* _ASSIGNMENT_: Leaving the pictures aside, restate all of the data exactly.

* _THE DATA_:
- - - - - - -
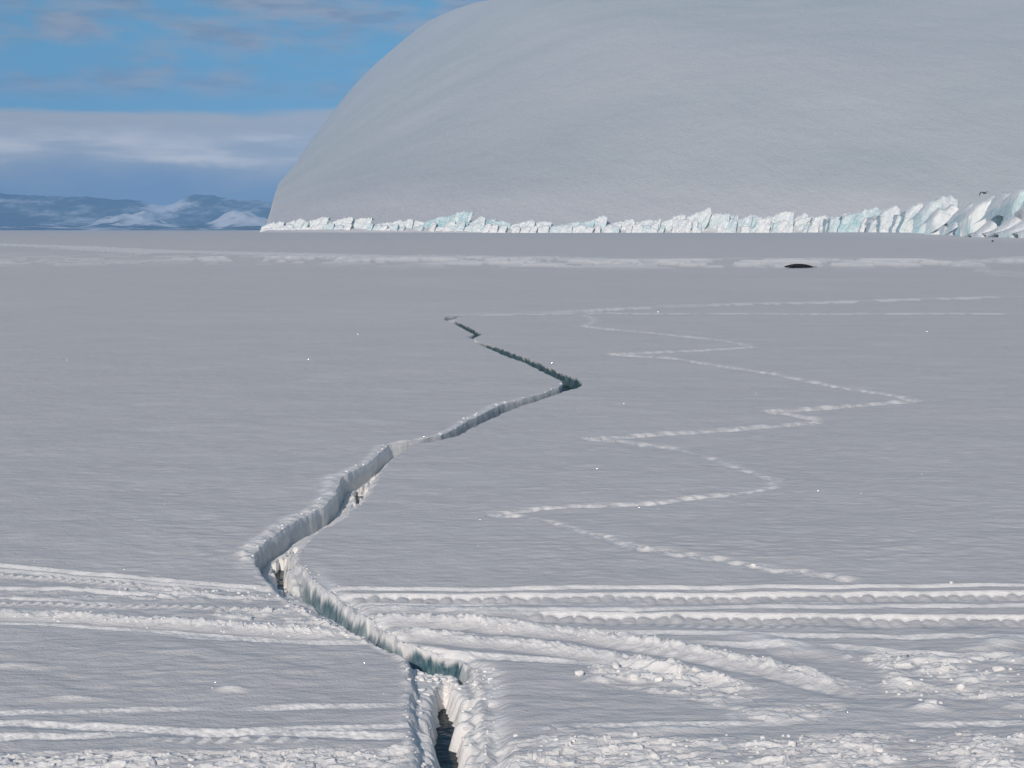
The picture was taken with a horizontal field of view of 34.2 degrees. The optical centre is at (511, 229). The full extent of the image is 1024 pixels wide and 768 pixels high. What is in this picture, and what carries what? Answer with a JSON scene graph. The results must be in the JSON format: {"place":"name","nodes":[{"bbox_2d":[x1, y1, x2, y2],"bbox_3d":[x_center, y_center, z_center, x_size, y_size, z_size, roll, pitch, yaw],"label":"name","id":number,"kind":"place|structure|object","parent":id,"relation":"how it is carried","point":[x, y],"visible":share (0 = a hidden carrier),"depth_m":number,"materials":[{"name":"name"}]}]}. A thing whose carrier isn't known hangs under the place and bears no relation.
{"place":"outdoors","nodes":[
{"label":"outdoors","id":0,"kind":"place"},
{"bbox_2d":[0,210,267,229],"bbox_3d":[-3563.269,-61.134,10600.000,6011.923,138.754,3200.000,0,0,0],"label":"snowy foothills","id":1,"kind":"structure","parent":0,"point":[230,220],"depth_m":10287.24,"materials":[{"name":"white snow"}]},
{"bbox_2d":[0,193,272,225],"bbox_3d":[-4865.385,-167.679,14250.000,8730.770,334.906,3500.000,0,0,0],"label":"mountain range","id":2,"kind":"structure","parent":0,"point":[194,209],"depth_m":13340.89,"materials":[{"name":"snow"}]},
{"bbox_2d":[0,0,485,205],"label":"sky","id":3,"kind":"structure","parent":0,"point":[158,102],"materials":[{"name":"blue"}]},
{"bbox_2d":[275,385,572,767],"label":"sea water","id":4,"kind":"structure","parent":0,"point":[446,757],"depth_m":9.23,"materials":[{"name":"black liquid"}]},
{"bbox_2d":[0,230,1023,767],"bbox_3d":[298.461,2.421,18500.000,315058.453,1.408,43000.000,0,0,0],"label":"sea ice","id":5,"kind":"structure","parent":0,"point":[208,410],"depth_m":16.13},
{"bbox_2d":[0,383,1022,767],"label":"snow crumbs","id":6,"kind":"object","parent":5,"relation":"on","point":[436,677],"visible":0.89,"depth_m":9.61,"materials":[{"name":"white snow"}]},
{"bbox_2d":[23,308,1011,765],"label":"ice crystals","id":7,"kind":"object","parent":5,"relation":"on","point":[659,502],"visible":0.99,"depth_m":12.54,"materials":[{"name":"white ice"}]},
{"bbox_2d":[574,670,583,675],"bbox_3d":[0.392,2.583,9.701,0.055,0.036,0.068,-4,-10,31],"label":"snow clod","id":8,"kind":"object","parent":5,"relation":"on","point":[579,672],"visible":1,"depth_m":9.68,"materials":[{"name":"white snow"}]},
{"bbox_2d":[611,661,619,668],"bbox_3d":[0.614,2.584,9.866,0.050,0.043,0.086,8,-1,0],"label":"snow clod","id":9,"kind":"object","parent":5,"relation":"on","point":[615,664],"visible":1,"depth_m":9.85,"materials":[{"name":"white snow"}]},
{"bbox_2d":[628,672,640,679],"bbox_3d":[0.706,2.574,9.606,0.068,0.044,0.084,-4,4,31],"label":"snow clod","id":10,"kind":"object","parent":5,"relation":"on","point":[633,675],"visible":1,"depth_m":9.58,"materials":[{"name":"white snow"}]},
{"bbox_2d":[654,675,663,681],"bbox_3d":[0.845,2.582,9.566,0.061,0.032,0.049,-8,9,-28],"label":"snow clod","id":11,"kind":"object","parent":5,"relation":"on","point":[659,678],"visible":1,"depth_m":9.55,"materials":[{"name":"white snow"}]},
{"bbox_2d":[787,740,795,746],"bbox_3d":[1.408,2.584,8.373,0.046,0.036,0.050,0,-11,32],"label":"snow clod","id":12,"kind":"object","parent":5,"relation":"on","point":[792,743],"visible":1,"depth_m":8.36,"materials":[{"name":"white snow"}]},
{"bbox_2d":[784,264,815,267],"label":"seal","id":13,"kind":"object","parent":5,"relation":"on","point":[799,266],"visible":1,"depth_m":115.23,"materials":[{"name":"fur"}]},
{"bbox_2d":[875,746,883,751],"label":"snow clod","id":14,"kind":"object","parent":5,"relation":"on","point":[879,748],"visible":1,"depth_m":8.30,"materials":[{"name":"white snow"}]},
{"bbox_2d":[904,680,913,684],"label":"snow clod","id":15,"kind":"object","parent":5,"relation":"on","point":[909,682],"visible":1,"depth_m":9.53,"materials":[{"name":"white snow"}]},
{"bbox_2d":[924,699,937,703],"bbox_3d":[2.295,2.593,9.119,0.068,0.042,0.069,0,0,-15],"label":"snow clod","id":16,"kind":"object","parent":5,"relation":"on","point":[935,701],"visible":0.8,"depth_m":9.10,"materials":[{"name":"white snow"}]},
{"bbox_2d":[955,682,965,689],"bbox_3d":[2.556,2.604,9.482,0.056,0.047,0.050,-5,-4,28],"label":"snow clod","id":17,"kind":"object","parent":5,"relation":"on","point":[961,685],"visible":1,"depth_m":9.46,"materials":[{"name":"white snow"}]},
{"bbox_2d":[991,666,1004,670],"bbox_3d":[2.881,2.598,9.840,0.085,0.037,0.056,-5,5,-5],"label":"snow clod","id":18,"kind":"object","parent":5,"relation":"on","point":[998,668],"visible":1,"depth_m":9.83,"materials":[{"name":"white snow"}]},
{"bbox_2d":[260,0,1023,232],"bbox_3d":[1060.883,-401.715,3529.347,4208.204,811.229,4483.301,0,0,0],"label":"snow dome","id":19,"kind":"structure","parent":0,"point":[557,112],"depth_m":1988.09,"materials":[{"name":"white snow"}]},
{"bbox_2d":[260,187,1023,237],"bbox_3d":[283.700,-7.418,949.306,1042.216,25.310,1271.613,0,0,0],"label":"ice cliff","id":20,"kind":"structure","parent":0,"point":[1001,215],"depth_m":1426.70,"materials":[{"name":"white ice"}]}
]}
- - - - - - -
* _ANSWER SPACE_:
The picture was taken with a horizontal field of view of 34.2 degrees. The optical centre is at (511, 229). The full extent of the image is 1024 pixels wide and 768 pixels high. What is in this picture, and what carries what? Answer with a JSON scene graph. The results must be in the JSON format: {"place":"name","nodes":[{"bbox_2d":[x1, y1, x2, y2],"bbox_3d":[x_center, y_center, z_center, x_size, y_size, z_size, roll, pitch, yaw],"label":"name","id":number,"kind":"place|structure|object","parent":id,"relation":"how it is carried","point":[x, y],"visible":share (0 = a hidden carrier),"depth_m":number,"materials":[{"name":"name"}]}]}. A thing whose carrier isn't known hangs under the place and bears no relation.
{"place":"outdoors","nodes":[
{"label":"outdoors","id":0,"kind":"place"},
{"bbox_2d":[0,210,267,229],"bbox_3d":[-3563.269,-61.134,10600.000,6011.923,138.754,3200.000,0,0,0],"label":"snowy foothills","id":1,"kind":"structure","parent":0,"point":[230,220],"depth_m":10287.24,"materials":[{"name":"white snow"}]},
{"bbox_2d":[0,193,272,225],"bbox_3d":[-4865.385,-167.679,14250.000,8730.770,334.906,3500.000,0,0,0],"label":"mountain range","id":2,"kind":"structure","parent":0,"point":[194,209],"depth_m":13340.89,"materials":[{"name":"snow"}]},
{"bbox_2d":[0,0,485,205],"label":"sky","id":3,"kind":"structure","parent":0,"point":[158,102],"materials":[{"name":"blue"}]},
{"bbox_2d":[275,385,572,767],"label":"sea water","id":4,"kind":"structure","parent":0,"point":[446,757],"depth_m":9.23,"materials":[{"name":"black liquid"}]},
{"bbox_2d":[0,230,1023,767],"bbox_3d":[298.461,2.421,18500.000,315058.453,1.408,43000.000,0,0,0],"label":"sea ice","id":5,"kind":"structure","parent":0,"point":[208,410],"depth_m":16.13},
{"bbox_2d":[0,383,1022,767],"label":"snow crumbs","id":6,"kind":"object","parent":5,"relation":"on","point":[436,677],"visible":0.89,"depth_m":9.61,"materials":[{"name":"white snow"}]},
{"bbox_2d":[23,308,1011,765],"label":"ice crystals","id":7,"kind":"object","parent":5,"relation":"on","point":[659,502],"visible":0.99,"depth_m":12.54,"materials":[{"name":"white ice"}]},
{"bbox_2d":[574,670,583,675],"bbox_3d":[0.392,2.583,9.701,0.055,0.036,0.068,-4,-10,31],"label":"snow clod","id":8,"kind":"object","parent":5,"relation":"on","point":[579,672],"visible":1,"depth_m":9.68,"materials":[{"name":"white snow"}]},
{"bbox_2d":[611,661,619,668],"bbox_3d":[0.614,2.584,9.866,0.050,0.043,0.086,8,-1,0],"label":"snow clod","id":9,"kind":"object","parent":5,"relation":"on","point":[615,664],"visible":1,"depth_m":9.85,"materials":[{"name":"white snow"}]},
{"bbox_2d":[628,672,640,679],"bbox_3d":[0.706,2.574,9.606,0.068,0.044,0.084,-4,4,31],"label":"snow clod","id":10,"kind":"object","parent":5,"relation":"on","point":[633,675],"visible":1,"depth_m":9.58,"materials":[{"name":"white snow"}]},
{"bbox_2d":[654,675,663,681],"bbox_3d":[0.845,2.582,9.566,0.061,0.032,0.049,-8,9,-28],"label":"snow clod","id":11,"kind":"object","parent":5,"relation":"on","point":[659,678],"visible":1,"depth_m":9.55,"materials":[{"name":"white snow"}]},
{"bbox_2d":[787,740,795,746],"bbox_3d":[1.408,2.584,8.373,0.046,0.036,0.050,0,-11,32],"label":"snow clod","id":12,"kind":"object","parent":5,"relation":"on","point":[792,743],"visible":1,"depth_m":8.36,"materials":[{"name":"white snow"}]},
{"bbox_2d":[784,264,815,267],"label":"seal","id":13,"kind":"object","parent":5,"relation":"on","point":[799,266],"visible":1,"depth_m":115.23,"materials":[{"name":"fur"}]},
{"bbox_2d":[875,746,883,751],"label":"snow clod","id":14,"kind":"object","parent":5,"relation":"on","point":[879,748],"visible":1,"depth_m":8.30,"materials":[{"name":"white snow"}]},
{"bbox_2d":[904,680,913,684],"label":"snow clod","id":15,"kind":"object","parent":5,"relation":"on","point":[909,682],"visible":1,"depth_m":9.53,"materials":[{"name":"white snow"}]},
{"bbox_2d":[924,699,937,703],"bbox_3d":[2.295,2.593,9.119,0.068,0.042,0.069,0,0,-15],"label":"snow clod","id":16,"kind":"object","parent":5,"relation":"on","point":[935,701],"visible":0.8,"depth_m":9.10,"materials":[{"name":"white snow"}]},
{"bbox_2d":[955,682,965,689],"bbox_3d":[2.556,2.604,9.482,0.056,0.047,0.050,-5,-4,28],"label":"snow clod","id":17,"kind":"object","parent":5,"relation":"on","point":[961,685],"visible":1,"depth_m":9.46,"materials":[{"name":"white snow"}]},
{"bbox_2d":[991,666,1004,670],"bbox_3d":[2.881,2.598,9.840,0.085,0.037,0.056,-5,5,-5],"label":"snow clod","id":18,"kind":"object","parent":5,"relation":"on","point":[998,668],"visible":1,"depth_m":9.83,"materials":[{"name":"white snow"}]},
{"bbox_2d":[260,0,1023,232],"bbox_3d":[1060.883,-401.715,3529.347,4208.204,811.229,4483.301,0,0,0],"label":"snow dome","id":19,"kind":"structure","parent":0,"point":[557,112],"depth_m":1988.09,"materials":[{"name":"white snow"}]},
{"bbox_2d":[260,187,1023,237],"bbox_3d":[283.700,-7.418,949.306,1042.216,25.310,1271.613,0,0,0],"label":"ice cliff","id":20,"kind":"structure","parent":0,"point":[1001,215],"depth_m":1426.70,"materials":[{"name":"white ice"}]}
]}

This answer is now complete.